TASK INSTRUCTIONS - Report every line of the records below that includes the string "manhole".

---------- MATERIAL TO PROCESS

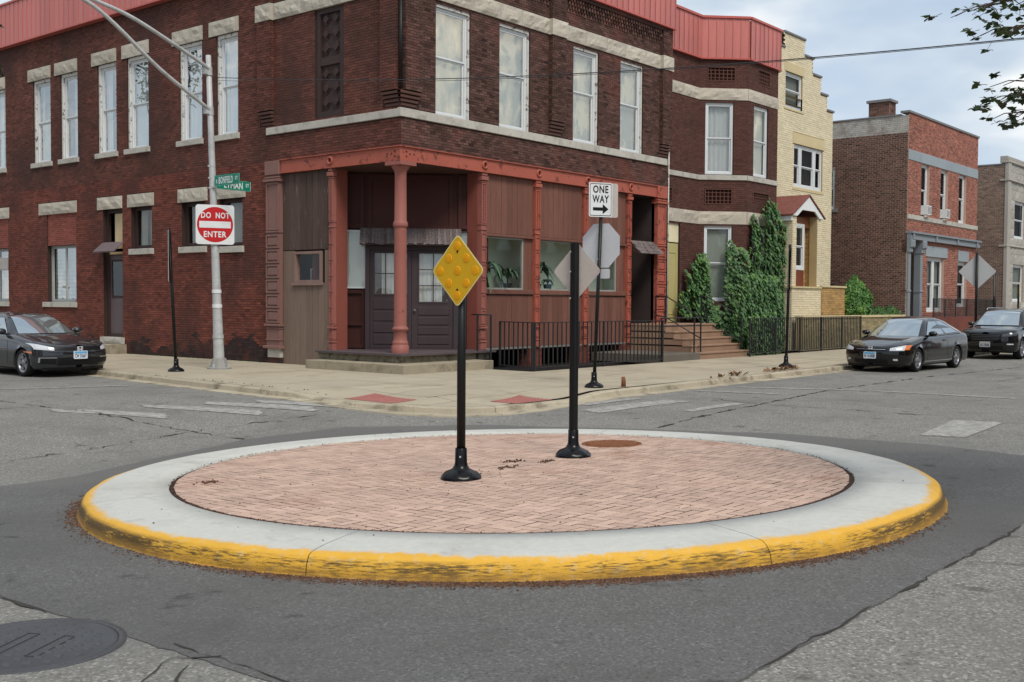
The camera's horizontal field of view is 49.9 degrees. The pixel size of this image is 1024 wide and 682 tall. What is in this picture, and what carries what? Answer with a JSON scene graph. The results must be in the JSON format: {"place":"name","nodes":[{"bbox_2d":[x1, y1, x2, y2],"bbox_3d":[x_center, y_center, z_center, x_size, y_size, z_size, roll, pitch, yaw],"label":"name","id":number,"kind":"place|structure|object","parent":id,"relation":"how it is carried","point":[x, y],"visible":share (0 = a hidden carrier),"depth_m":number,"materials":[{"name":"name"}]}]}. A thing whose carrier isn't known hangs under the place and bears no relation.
{"place":"outdoors","nodes":[
{"label":"outdoors","id":0,"kind":"place"},
{"bbox_2d":[99,349,847,406],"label":"sidewalk","id":1,"kind":"structure","parent":0,"point":[480,389],"depth_m":24.79,"materials":[{"name":"concrete"}]},
{"bbox_2d":[82,0,231,369],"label":"street light","id":2,"kind":"object","parent":1,"relation":"on","point":[219,361],"visible":1,"depth_m":26.84,"materials":[{"name":"metal"}]},
{"bbox_2d":[196,204,233,244],"bbox_3d":[-7.249,-2.839,26.866,0.920,0.960,0.054,-1,2,-23],"label":"do not enter sign","id":3,"kind":"object","parent":2,"relation":"attached to","point":[214,224],"visible":1,"depth_m":26.84,"materials":[{"name":"metal"}]},
{"bbox_2d":[211,173,239,187],"bbox_3d":[-6.904,-3.870,26.526,1.110,0.290,0.040,2,3,40],"label":"street name sign","id":4,"kind":"object","parent":2,"relation":"attached to","point":[226,179],"visible":1,"depth_m":26.49,"materials":[{"name":"metal"}]},
{"bbox_2d":[216,181,250,191],"bbox_3d":[-6.986,-3.874,27.438,0.040,0.280,1.160,2,3,40],"label":"street name sign","id":5,"kind":"object","parent":2,"relation":"attached to","point":[243,186],"visible":0.73,"depth_m":27.61,"materials":[{"name":"metal"}]},
{"bbox_2d":[214,37,1023,82],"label":"overhead cable","id":6,"kind":"object","parent":2,"relation":"attached to","point":[931,47],"visible":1,"depth_m":18.84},
{"bbox_2d":[167,229,184,371],"bbox_3d":[-7.934,-0.961,25.982,0.384,3.362,0.401,0,2,-11],"label":"sign post","id":7,"kind":"object","parent":1,"relation":"on","point":[175,368],"visible":1,"depth_m":25.94,"materials":[{"name":"metal"}]},
{"bbox_2d":[0,0,676,375],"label":"corner building","id":8,"kind":"structure","parent":1,"relation":"on","point":[386,172],"depth_m":30.89,"materials":[{"name":"brick"}]},
{"bbox_2d":[0,93,5,168],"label":"window","id":9,"kind":"structure","parent":8,"relation":"in","point":[2,96],"depth_m":39.75,"materials":[{"name":"white glass"}]},
{"bbox_2d":[0,249,8,300],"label":"window","id":10,"kind":"structure","parent":8,"relation":"in","point":[4,279],"depth_m":39.89,"materials":[{"name":"white glass"}]},
{"bbox_2d":[37,82,50,162],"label":"window","id":11,"kind":"structure","parent":8,"relation":"in","point":[46,123],"depth_m":37.76,"materials":[{"name":"white glass"}]},
{"bbox_2d":[51,245,76,301],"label":"window","id":12,"kind":"structure","parent":8,"relation":"in","point":[65,255],"depth_m":37.18,"materials":[{"name":"white glass"}]},
{"bbox_2d":[65,75,77,158],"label":"window","id":13,"kind":"structure","parent":8,"relation":"in","point":[74,91],"depth_m":36.62,"materials":[{"name":"clear glass"}]},
{"bbox_2d":[102,66,116,152],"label":"window","id":14,"kind":"structure","parent":8,"relation":"in","point":[111,71],"depth_m":35.13,"materials":[{"name":"clear glass"}]},
{"bbox_2d":[110,255,122,333],"bbox_3d":[-12.495,-1.484,34.955,0.880,2.490,0.050,2,3,40],"label":"side door","id":15,"kind":"structure","parent":8,"relation":"in","point":[116,260],"depth_m":34.99,"materials":[{"name":"grey wood"}]},
{"bbox_2d":[132,59,148,147],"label":"window","id":16,"kind":"structure","parent":8,"relation":"in","point":[142,99],"depth_m":33.99,"materials":[{"name":"clear glass"}]},
{"bbox_2d":[135,206,151,248],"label":"window","id":17,"kind":"structure","parent":8,"relation":"in","point":[146,212],"depth_m":34.10,"materials":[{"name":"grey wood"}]},
{"bbox_2d":[184,45,201,139],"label":"window","id":18,"kind":"structure","parent":8,"relation":"in","point":[195,68],"depth_m":32.21,"materials":[{"name":"clear glass"}]},
{"bbox_2d":[186,202,204,246],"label":"window","id":19,"kind":"structure","parent":8,"relation":"in","point":[188,205],"depth_m":32.42,"materials":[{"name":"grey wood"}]},
{"bbox_2d":[221,36,237,134],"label":"window","id":20,"kind":"structure","parent":8,"relation":"in","point":[232,43],"depth_m":31.08,"materials":[{"name":"clear glass"}]},
{"bbox_2d":[224,198,242,245],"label":"window","id":21,"kind":"structure","parent":8,"relation":"in","point":[236,203],"depth_m":31.06,"materials":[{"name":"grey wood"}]},
{"bbox_2d":[291,251,324,284],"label":"small window","id":22,"kind":"structure","parent":8,"relation":"in","point":[297,281],"depth_m":28.79,"materials":[{"name":"brown wood"}]},
{"bbox_2d":[316,3,343,118],"bbox_3d":[-4.611,-7.131,28.117,1.080,2.810,0.090,2,3,40],"label":"blind window","id":23,"kind":"structure","parent":8,"relation":"in","point":[329,20],"depth_m":28.16,"materials":[{"name":"brown brick"}]},
{"bbox_2d":[370,250,411,347],"bbox_3d":[-3.176,-1.099,28.820,1.080,2.550,0.145,0,2,-5],"label":"door leaf","id":24,"kind":"structure","parent":8,"relation":"in","point":[381,305],"depth_m":28.76,"materials":[{"name":"paint"}]},
{"bbox_2d":[412,250,452,347],"bbox_3d":[-2.087,-1.096,28.923,1.087,2.550,0.146,0,2,-5],"label":"door leaf","id":25,"kind":"structure","parent":8,"relation":"in","point":[432,320],"depth_m":28.89,"materials":[{"name":"paint"}]},
{"bbox_2d":[435,7,465,119],"bbox_3d":[-1.631,-7.002,27.927,0.150,2.664,1.224,2,3,40],"label":"window","id":26,"kind":"structure","parent":8,"relation":"in","point":[450,95],"depth_m":28.10,"materials":[{"name":"white glass"}]},
{"bbox_2d":[471,314,491,359],"bbox_3d":[-0.779,-0.102,28.079,0.668,1.178,0.036,2,3,40],"label":"porch railing","id":27,"kind":"object","parent":8,"relation":"on","point":[478,334],"visible":1,"depth_m":27.95,"materials":[{"name":"black metal"}]},
{"bbox_2d":[487,262,509,292],"bbox_3d":[-0.707,-1.693,29.501,1.458,0.904,1.286,0,2,-6],"label":"house plant","id":28,"kind":"object","parent":8,"relation":"on","point":[496,268],"visible":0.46,"depth_m":29.33,"materials":[{"name":"green plant"}]},
{"bbox_2d":[486,236,522,289],"bbox_3d":[-0.253,-2.090,29.673,0.080,1.401,1.658,2,3,40],"label":"shop window","id":29,"kind":"structure","parent":8,"relation":"in","point":[521,240],"depth_m":30.25,"materials":[{"name":"grey wood"}]},
{"bbox_2d":[494,268,519,287],"bbox_3d":[-0.146,-1.725,30.233,0.739,0.617,0.871,0,2,-22],"label":"house plant","id":30,"kind":"object","parent":8,"relation":"on","point":[509,272],"visible":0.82,"depth_m":30.14,"materials":[{"name":"green plant"}]},
{"bbox_2d":[499,27,525,130],"bbox_3d":[-0.069,-7.060,29.814,0.150,2.664,1.224,2,3,40],"label":"window","id":31,"kind":"structure","parent":8,"relation":"in","point":[512,92],"depth_m":30.00,"materials":[{"name":"white glass"}]},
{"bbox_2d":[531,262,553,287],"bbox_3d":[0.691,-1.854,31.302,0.902,0.806,0.931,0,2,-12],"label":"house plant","id":32,"kind":"object","parent":8,"relation":"on","point":[544,268],"visible":0.32,"depth_m":31.22,"materials":[{"name":"green plant"}]},
{"bbox_2d":[540,240,579,290],"bbox_3d":[1.316,-2.149,31.568,0.080,1.401,2.018,2,3,40],"label":"shop window","id":33,"kind":"structure","parent":8,"relation":"in","point":[540,240],"depth_m":31.47,"materials":[{"name":"grey wood"}]},
{"bbox_2d":[573,49,594,144],"bbox_3d":[2.018,-7.138,32.336,0.150,2.664,1.194,2,3,40],"label":"window","id":34,"kind":"structure","parent":8,"relation":"in","point":[583,102],"depth_m":32.55,"materials":[{"name":"clear glass"}]},
{"bbox_2d":[589,259,615,291],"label":"shop window","id":35,"kind":"structure","parent":8,"relation":"in","point":[614,263],"depth_m":33.75,"materials":[{"name":"grey wood"}]},
{"bbox_2d":[620,64,639,152],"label":"window","id":36,"kind":"structure","parent":8,"relation":"in","point":[629,113],"depth_m":34.42,"materials":[{"name":"clear glass"}]},
{"bbox_2d":[344,393,416,402],"bbox_3d":[-2.337,1.029,19.898,1.350,0.045,0.900,2,3,40],"label":"tactile pad","id":37,"kind":"object","parent":1,"relation":"on","point":[375,397],"visible":1,"depth_m":19.95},
{"bbox_2d":[493,395,551,403],"bbox_3d":[0.098,1.052,19.916,0.880,0.026,1.170,2,3,40],"label":"tactile pad","id":38,"kind":"object","parent":1,"relation":"on","point":[519,399],"visible":1,"depth_m":19.91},
{"bbox_2d":[499,320,663,371],"bbox_3d":[1.884,0.056,29.402,1.410,1.200,5.880,2,3,40],"label":"iron fence","id":39,"kind":"object","parent":1,"relation":"on","point":[533,367],"visible":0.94,"depth_m":28.16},
{"bbox_2d":[583,182,619,387],"bbox_3d":[1.753,-1.100,21.834,0.792,4.052,0.431,1,2,13],"label":"sign post","id":40,"kind":"object","parent":1,"relation":"on","point":[601,245],"visible":0.97,"depth_m":21.78,"materials":[{"name":"metal"}]},
{"bbox_2d":[592,350,699,362],"bbox_3d":[3.997,0.466,32.820,2.480,0.260,2.065,2,3,40],"label":"stoop","id":41,"kind":"object","parent":1,"relation":"on","point":[669,356],"visible":0.52,"depth_m":32.13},
{"bbox_2d":[655,295,701,354],"bbox_3d":[4.350,-0.510,32.766,1.716,1.718,2.419,2,3,40],"label":"step railing","id":42,"kind":"object","parent":41,"relation":"on","point":[670,318],"visible":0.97,"depth_m":33.19,"materials":[{"name":"black metal"}]},
{"bbox_2d":[631,323,748,358],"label":"front steps","id":43,"kind":"structure","parent":1,"relation":"on","point":[715,344],"depth_m":34.11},
{"bbox_2d":[697,296,741,349],"bbox_3d":[6.711,-0.550,35.668,1.618,1.818,0.036,2,3,40],"label":"step railing","id":44,"kind":"object","parent":43,"relation":"on","point":[707,297],"visible":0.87,"depth_m":35.53,"materials":[{"name":"black metal"}]},
{"bbox_2d":[710,364,798,377],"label":"leaf litter","id":45,"kind":"object","parent":1,"relation":"on","point":[766,369],"visible":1,"depth_m":27.27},
{"bbox_2d":[779,245,792,366],"bbox_3d":[7.316,-0.934,29.285,0.384,3.251,0.402,2,3,40],"label":"sign post","id":46,"kind":"object","parent":1,"relation":"on","point":[785,363],"visible":0.92,"depth_m":29.24,"materials":[{"name":"metal"}]},
{"bbox_2d":[749,316,861,356],"bbox_3d":[10.454,-0.231,38.521,0.045,1.220,9.599,2,3,38],"label":"iron fence","id":47,"kind":"object","parent":1,"relation":"on","point":[800,329],"visible":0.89,"depth_m":38.08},
{"bbox_2d":[931,316,979,331],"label":"retaining wall","id":48,"kind":"structure","parent":1,"relation":"on","point":[959,323],"depth_m":49.58,"materials":[{"name":"red brick"}]},
{"bbox_2d":[932,298,995,316],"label":"iron fence","id":49,"kind":"object","parent":48,"relation":"on","point":[984,305],"visible":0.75,"depth_m":50.33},
{"bbox_2d":[959,253,995,321],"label":"sign post","id":50,"kind":"object","parent":1,"relation":"on","point":[977,271],"visible":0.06,"depth_m":41.09,"materials":[{"name":"metal"}]},
{"bbox_2d":[993,272,995,307],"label":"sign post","id":51,"kind":"object","parent":1,"relation":"on","point":[994,290],"visible":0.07,"depth_m":42.14,"materials":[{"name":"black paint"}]},
{"bbox_2d":[0,348,1023,681],"bbox_3d":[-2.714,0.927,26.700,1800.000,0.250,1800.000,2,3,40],"label":"road","id":52,"kind":"structure","parent":0,"point":[960,620],"depth_m":15.92,"materials":[{"name":"asphalt"}]},
{"bbox_2d":[1,597,61,616],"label":"road crack","id":53,"kind":"object","parent":52,"relation":"on","point":[19,603],"visible":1,"depth_m":6.83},
{"bbox_2d":[0,312,106,376],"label":"parked car","id":54,"kind":"object","parent":52,"relation":"on","point":[31,343],"visible":1,"depth_m":25.95,"materials":[{"name":"grey paint"}]},
{"bbox_2d":[0,618,126,674],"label":"manhole cover","id":55,"kind":"object","parent":52,"relation":"on","point":[30,646],"visible":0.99,"depth_m":5.97,"materials":[{"name":"metal"}]},
{"bbox_2d":[51,409,168,418],"bbox_3d":[-6.528,1.171,17.759,2.344,0.068,0.423,1,2,10],"label":"crosswalk stripe","id":56,"kind":"object","parent":52,"relation":"on","point":[153,415],"visible":1,"depth_m":17.73,"materials":[{"name":"paint"}]},
{"bbox_2d":[0,400,244,438],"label":"road crack","id":57,"kind":"object","parent":52,"relation":"on","point":[128,418],"visible":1,"depth_m":17.31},
{"bbox_2d":[141,655,221,681],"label":"road crack","id":58,"kind":"object","parent":52,"relation":"on","point":[172,657],"visible":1,"depth_m":5.70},
{"bbox_2d":[139,404,264,414],"bbox_3d":[-5.263,1.157,18.546,2.520,0.083,0.451,1,2,12],"label":"crosswalk stripe","id":59,"kind":"object","parent":52,"relation":"on","point":[238,411],"visible":1,"depth_m":18.50,"materials":[{"name":"paint"}]},
{"bbox_2d":[174,643,288,681],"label":"road crack","id":60,"kind":"object","parent":52,"relation":"on","point":[235,663],"visible":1,"depth_m":5.56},
{"bbox_2d":[202,402,316,410],"bbox_3d":[-4.380,1.135,19.135,2.373,0.070,0.469,1,2,13],"label":"crosswalk stripe","id":61,"kind":"object","parent":52,"relation":"on","point":[295,407],"visible":1,"depth_m":19.10,"materials":[{"name":"paint"}]},
{"bbox_2d":[256,400,352,407],"bbox_3d":[-3.602,1.125,19.483,2.467,0.066,0.389,1,2,16],"label":"crosswalk stripe","id":62,"kind":"object","parent":52,"relation":"on","point":[289,402],"visible":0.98,"depth_m":19.54,"materials":[{"name":"paint"}]},
{"bbox_2d":[75,429,947,581],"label":"traffic island","id":63,"kind":"structure","parent":52,"relation":"on","point":[863,511],"depth_m":9.24,"materials":[{"name":"brick"}]},
{"bbox_2d":[433,236,482,481],"bbox_3d":[-0.533,0.166,10.733,0.485,2.379,0.486,0,2,-3],"label":"marker sign","id":64,"kind":"object","parent":63,"relation":"on","point":[458,270],"visible":1,"depth_m":10.74,"materials":[{"name":"yellow metal"}]},
{"bbox_2d":[153,430,903,540],"bbox_3d":[-0.092,1.327,11.341,7.341,0.180,7.632,2,3,40],"label":"island debris","id":65,"kind":"object","parent":63,"relation":"on","point":[502,467],"visible":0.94,"depth_m":10.30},
{"bbox_2d":[554,243,599,458],"bbox_3d":[0.724,0.101,12.392,0.462,2.400,0.439,0,2,-4],"label":"marker sign","id":66,"kind":"object","parent":63,"relation":"on","point":[577,271],"visible":1,"depth_m":12.34,"materials":[{"name":"black metal"}]},
{"bbox_2d":[582,440,641,447],"bbox_3d":[1.229,1.267,13.553,0.740,0.034,0.740,0,2,40],"label":"manhole cover","id":67,"kind":"object","parent":63,"relation":"on","point":[612,443],"visible":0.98,"depth_m":13.48,"materials":[{"name":"metal"}]},
{"bbox_2d":[0,425,1023,681],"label":"asphalt patch","id":68,"kind":"object","parent":52,"relation":"on","point":[732,627],"visible":0.42,"depth_m":6.73,"materials":[{"name":"asphalt"}]},
{"bbox_2d":[57,483,953,590],"bbox_3d":[0.172,1.537,10.011,8.883,0.200,5.990,0,2,-6],"label":"kerbside grit","id":69,"kind":"object","parent":68,"relation":"on","point":[615,580],"visible":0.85,"depth_m":7.38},
{"bbox_2d":[51,352,1006,416],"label":"kerb","id":70,"kind":"structure","parent":52,"relation":"on","point":[445,411],"depth_m":21.43,"materials":[{"name":"concrete"}]},
{"bbox_2d":[579,398,639,404],"bbox_3d":[1.810,1.112,20.248,0.253,0.031,1.630,2,3,45],"label":"crosswalk stripe","id":71,"kind":"object","parent":52,"relation":"on","point":[601,402],"visible":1,"depth_m":20.17,"materials":[{"name":"paint"}]},
{"bbox_2d":[582,399,687,412],"bbox_3d":[2.205,1.157,19.605,2.417,0.069,0.501,-1,3,-42],"label":"crosswalk stripe","id":72,"kind":"object","parent":52,"relation":"on","point":[625,406],"visible":1,"depth_m":19.56,"materials":[{"name":"paint"}]},
{"bbox_2d":[684,403,743,411],"bbox_3d":[3.556,1.160,19.304,0.297,0.038,1.678,2,3,43],"label":"crosswalk stripe","id":73,"kind":"object","parent":52,"relation":"on","point":[712,406],"visible":1,"depth_m":19.34,"materials":[{"name":"paint"}]},
{"bbox_2d":[667,4,782,333],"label":"bay building","id":74,"kind":"structure","parent":52,"relation":"on","point":[722,173],"depth_m":37.59,"materials":[{"name":"brown brick"}]},
{"bbox_2d":[668,243,677,321],"bbox_3d":[5.237,-1.935,36.482,0.075,2.610,0.880,2,3,40],"label":"front door","id":75,"kind":"structure","parent":74,"relation":"in","point":[673,248],"depth_m":36.57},
{"bbox_2d":[676,253,726,335],"bbox_3d":[6.300,-1.278,37.146,2.359,3.443,0.789,-1,3,-36],"label":"climbing ivy","id":76,"kind":"object","parent":74,"relation":"attached to","point":[703,284],"visible":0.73,"depth_m":37.25,"materials":[{"name":"green plant"}]},
{"bbox_2d":[704,226,731,300],"bbox_3d":[7.040,-2.663,37.834,0.771,2.584,0.771,2,3,40],"label":"window","id":77,"kind":"structure","parent":74,"relation":"in","point":[716,238],"depth_m":37.91,"materials":[{"name":"clear glass"}]},
{"bbox_2d":[705,103,732,174],"bbox_3d":[7.062,-6.917,37.718,0.974,2.434,0.190,0,2,-5],"label":"window","id":78,"kind":"structure","parent":74,"relation":"in","point":[719,116],"depth_m":37.76,"materials":[{"name":"white glass"}]},
{"bbox_2d":[723,198,787,355],"bbox_3d":[8.559,-2.274,37.682,2.119,5.527,5.453,2,3,40],"label":"climbing ivy","id":79,"kind":"object","parent":74,"relation":"attached to","point":[752,305],"visible":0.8,"depth_m":37.52,"materials":[{"name":"green plant"}]},
{"bbox_2d":[752,228,764,299],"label":"window","id":80,"kind":"structure","parent":74,"relation":"in","point":[763,232],"depth_m":38.93,"materials":[{"name":"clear glass"}]},
{"bbox_2d":[753,106,766,178],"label":"window","id":81,"kind":"structure","parent":74,"relation":"in","point":[758,112],"depth_m":38.74,"materials":[{"name":"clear glass"}]},
{"bbox_2d":[694,390,778,393],"bbox_3d":[4.531,1.037,22.354,1.877,0.001,0.217,1,2,25],"label":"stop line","id":82,"kind":"object","parent":52,"relation":"on","point":[738,392],"visible":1,"depth_m":22.27,"materials":[{"name":"paint"}]},
{"bbox_2d":[760,30,846,349],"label":"yellow house","id":83,"kind":"structure","parent":52,"relation":"on","point":[804,155],"depth_m":42.63,"materials":[{"name":"brick"}]},
{"bbox_2d":[785,72,800,110],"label":"window","id":84,"kind":"structure","parent":83,"relation":"in","point":[791,79],"depth_m":43.10,"materials":[{"name":"clear glass"}]},
{"bbox_2d":[793,144,799,187],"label":"window","id":85,"kind":"structure","parent":83,"relation":"in","point":[796,176],"depth_m":43.43,"materials":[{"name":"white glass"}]},
{"bbox_2d":[796,270,802,285],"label":"door panel","id":86,"kind":"structure","parent":83,"relation":"in","point":[799,273],"depth_m":40.60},
{"bbox_2d":[796,223,804,269],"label":"window","id":87,"kind":"structure","parent":83,"relation":"in","point":[799,249],"depth_m":40.72,"materials":[{"name":"white glass"}]},
{"bbox_2d":[800,146,813,189],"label":"window","id":88,"kind":"structure","parent":83,"relation":"in","point":[806,173],"depth_m":44.25,"materials":[{"name":"clear glass"}]},
{"bbox_2d":[814,149,820,191],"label":"window","id":89,"kind":"structure","parent":83,"relation":"in","point":[816,187],"depth_m":44.94,"materials":[{"name":"white glass"}]},
{"bbox_2d":[645,367,1019,430],"bbox_3d":[12.649,0.876,29.758,0.823,0.114,35.705,2,3,40],"label":"road crack","id":90,"kind":"object","parent":52,"relation":"on","point":[791,397],"visible":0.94,"depth_m":20.16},
{"bbox_2d":[794,315,905,350],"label":"garden wall","id":91,"kind":"structure","parent":52,"relation":"on","point":[871,322],"depth_m":41.67,"materials":[{"name":"brick"}]},
{"bbox_2d":[844,274,873,314],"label":"cone shrub","id":92,"kind":"object","parent":91,"relation":"on","point":[858,299],"visible":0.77,"depth_m":44.14,"materials":[{"name":"green plant"}]},
{"bbox_2d":[872,306,889,317],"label":"shrub","id":93,"kind":"object","parent":91,"relation":"on","point":[879,310],"visible":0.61,"depth_m":45.51,"materials":[{"name":"green plant"}]},
{"bbox_2d":[884,305,902,315],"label":"shrub","id":94,"kind":"object","parent":91,"relation":"on","point":[892,310],"visible":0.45,"depth_m":46.51,"materials":[{"name":"green plant"}]},
{"bbox_2d":[735,524,1022,681],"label":"road crack","id":95,"kind":"object","parent":52,"relation":"on","point":[917,583],"visible":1,"depth_m":6.84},
{"bbox_2d":[830,98,981,316],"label":"red brick house","id":96,"kind":"structure","parent":52,"relation":"on","point":[904,228],"depth_m":48.42,"materials":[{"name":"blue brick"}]},
{"bbox_2d":[831,169,834,208],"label":"window","id":97,"kind":"structure","parent":96,"relation":"in","point":[833,170],"depth_m":49.10,"materials":[{"name":"grey glass"}]},
{"bbox_2d":[921,164,926,216],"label":"window","id":98,"kind":"structure","parent":96,"relation":"in","point":[923,197],"depth_m":48.99,"materials":[{"name":"white glass"}]},
{"bbox_2d":[926,257,932,311],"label":"window","id":99,"kind":"structure","parent":96,"relation":"in","point":[930,259],"depth_m":49.90,"materials":[{"name":"white glass"}]},
{"bbox_2d":[932,258,940,311],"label":"window","id":100,"kind":"structure","parent":96,"relation":"in","point":[934,290],"depth_m":50.72,"materials":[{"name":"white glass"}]},
{"bbox_2d":[940,170,945,219],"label":"window","id":101,"kind":"structure","parent":96,"relation":"in","point":[943,172],"depth_m":50.90,"materials":[{"name":"white glass"}]},
{"bbox_2d":[957,262,963,306],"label":"window","id":102,"kind":"structure","parent":96,"relation":"in","point":[960,264],"depth_m":53.27,"materials":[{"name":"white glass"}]},
{"bbox_2d":[958,175,963,223],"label":"window","id":103,"kind":"structure","parent":96,"relation":"in","point":[960,177],"depth_m":52.94,"materials":[{"name":"white glass"}]},
{"bbox_2d":[846,316,967,371],"bbox_3d":[11.100,0.038,30.939,2.145,1.470,4.811,2,3,42],"label":"parked car","id":104,"kind":"object","parent":52,"relation":"on","point":[913,343],"visible":1,"depth_m":29.97,"materials":[{"name":"black paint"}]},
{"bbox_2d":[920,420,1003,437],"bbox_3d":[6.606,1.279,16.207,0.707,0.018,2.512,2,3,36],"label":"crosswalk stripe","id":105,"kind":"object","parent":52,"relation":"on","point":[960,428],"visible":1,"depth_m":16.10,"materials":[{"name":"paint"}]},
{"bbox_2d":[961,307,1023,358],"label":"parked car","id":106,"kind":"object","parent":52,"relation":"on","point":[995,331],"visible":0.93,"depth_m":36.60,"materials":[{"name":"black paint"}]},
{"bbox_2d":[976,156,1023,308],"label":"grey stone flats","id":107,"kind":"structure","parent":52,"relation":"on","point":[1000,213],"depth_m":58.52,"materials":[{"name":"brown stone"}]},
{"bbox_2d":[1012,265,1021,301],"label":"window","id":108,"kind":"structure","parent":107,"relation":"in","point":[1015,283],"depth_m":60.43,"materials":[{"name":"white glass"}]},
{"bbox_2d":[1014,202,1023,239],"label":"window","id":109,"kind":"structure","parent":107,"relation":"in","point":[1017,220],"depth_m":60.43,"materials":[{"name":"white glass"}]},
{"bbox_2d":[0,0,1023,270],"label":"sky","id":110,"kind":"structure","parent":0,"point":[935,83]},
{"bbox_2d":[541,278,553,288],"bbox_3d":[1.025,-1.633,31.640,0.380,0.344,0.402,0,2,-2],"label":"house plant","id":111,"kind":"object","parent":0,"point":[547,285],"visible":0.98,"depth_m":31.56,"materials":[{"name":"green plant"}]},
{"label":"pavement","id":112,"kind":"structure","parent":0,"visible":0},
{"bbox_2d":[920,0,1023,129],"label":"street tree","id":113,"kind":"object","parent":112,"relation":"on","point":[1005,31],"visible":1,"depth_m":9.08,"materials":[{"name":"green plant"}]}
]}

--------------------

YOUR RESPONSE -
{"bbox_2d":[0,618,126,674],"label":"manhole cover","id":55,"kind":"object","parent":52,"relation":"on","point":[30,646],"visible":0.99,"depth_m":5.97,"materials":[{"name":"metal"}]},
{"bbox_2d":[582,440,641,447],"bbox_3d":[1.229,1.267,13.553,0.740,0.034,0.740,0,2,40],"label":"manhole cover","id":67,"kind":"object","parent":63,"relation":"on","point":[612,443],"visible":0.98,"depth_m":13.48,"materials":[{"name":"metal"}]},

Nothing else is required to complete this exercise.